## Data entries
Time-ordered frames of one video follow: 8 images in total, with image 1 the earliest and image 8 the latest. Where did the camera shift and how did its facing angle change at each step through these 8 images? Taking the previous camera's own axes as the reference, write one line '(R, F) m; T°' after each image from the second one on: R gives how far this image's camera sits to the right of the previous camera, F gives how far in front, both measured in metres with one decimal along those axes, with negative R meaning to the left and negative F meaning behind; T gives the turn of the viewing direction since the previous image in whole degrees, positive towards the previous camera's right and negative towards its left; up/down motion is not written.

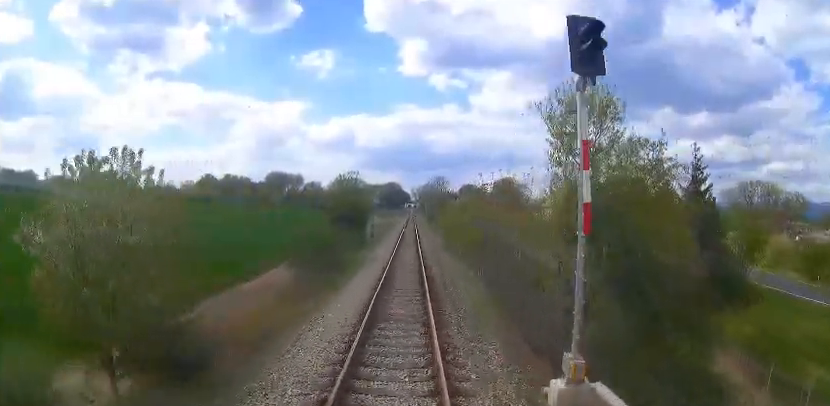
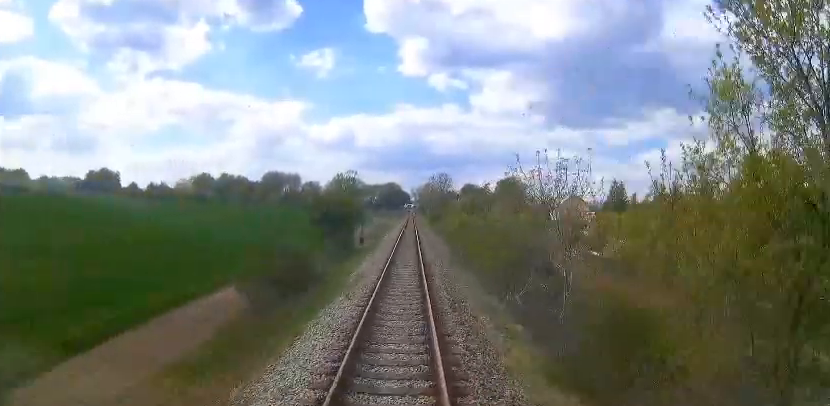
(-0.7, +7.5) m; -1°
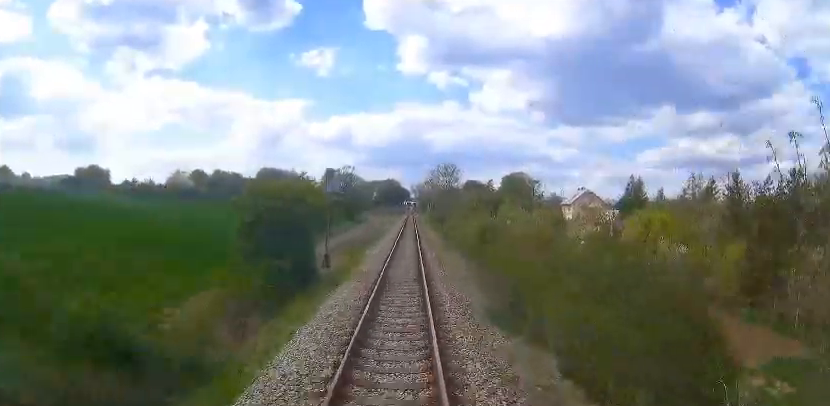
(-0.2, +12.5) m; 0°
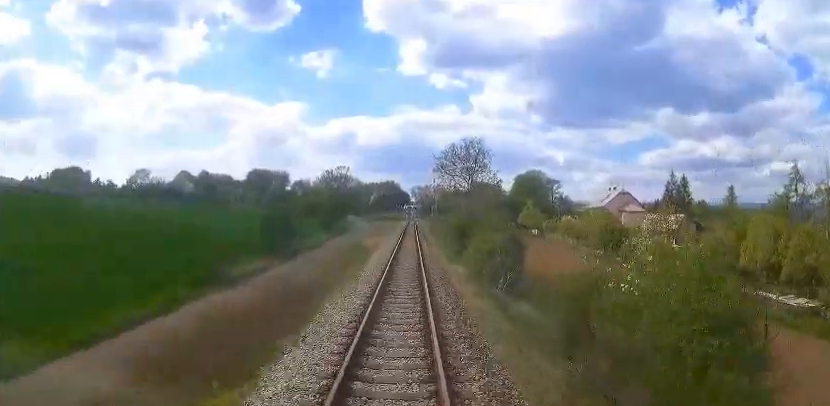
(+0.2, +23.2) m; -1°
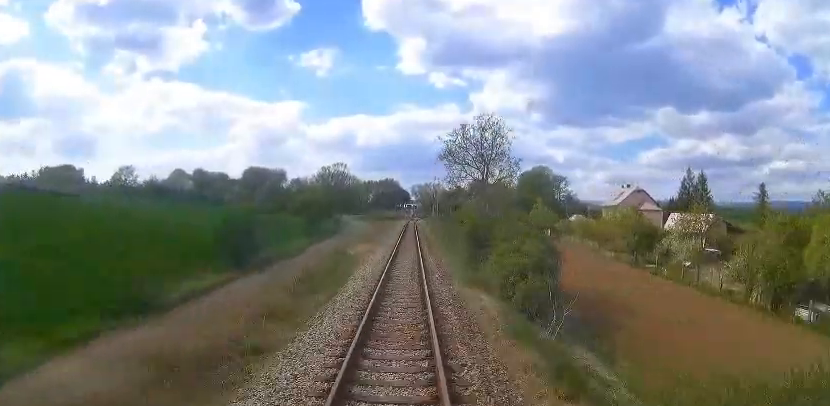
(-0.3, +8.0) m; 0°
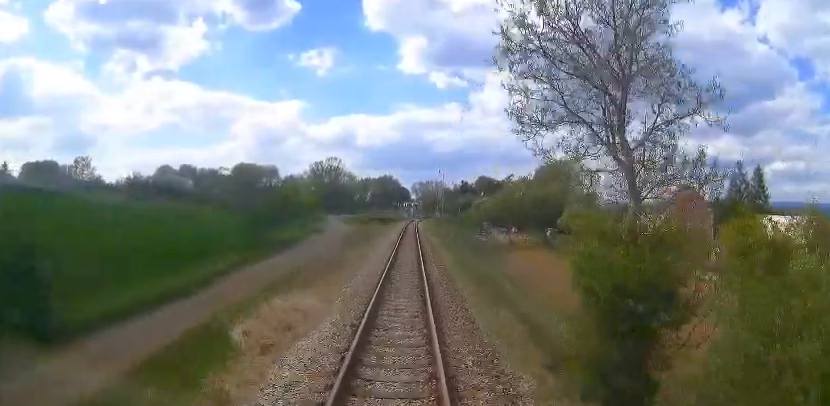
(+0.6, +19.7) m; +2°
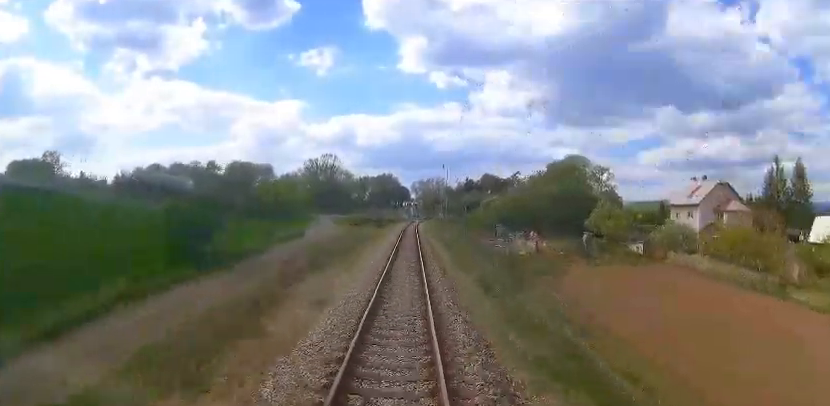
(0.0, +11.8) m; -1°
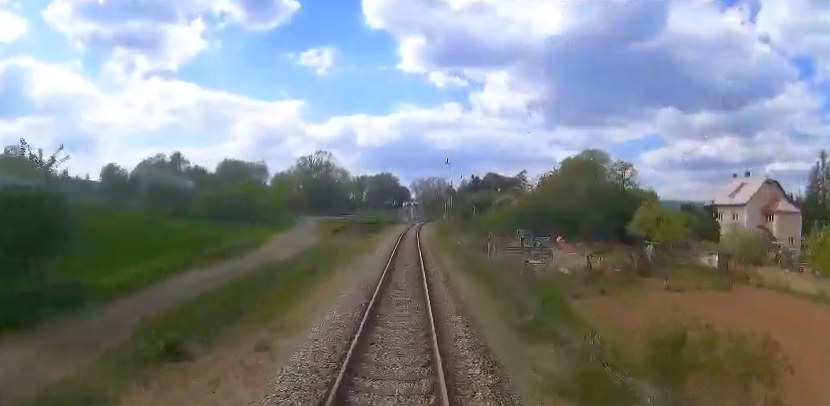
(-0.2, +12.5) m; -1°

## What is required
Set the pictures aside and transcribe the data above exactly.

## Solved problem
Time-ordered frames of one video follow: 8 images in total, with image 1 the earliest and image 8 the latest. Where did the camera shift and how did its facing angle change at each step through these 8 images? Taking the previous camera's own axes as the reference, write one line '(R, F) m; T°' after each image from the second one on: R gives how far this image's camera sits to the right of the previous camera, F gives how far in front, both measured in metres with one decimal along those axes, with negative R meaning to the left and negative F meaning behind; T gives the turn of the viewing direction since the previous image in whole degrees, positive towards the previous camera's right and negative towards its left; up/down motion is not written.

(-0.7, +7.5) m; -1°
(-0.2, +12.5) m; 0°
(+0.2, +23.2) m; -1°
(-0.3, +8.0) m; 0°
(+0.6, +19.7) m; +2°
(0.0, +11.8) m; -1°
(-0.2, +12.5) m; -1°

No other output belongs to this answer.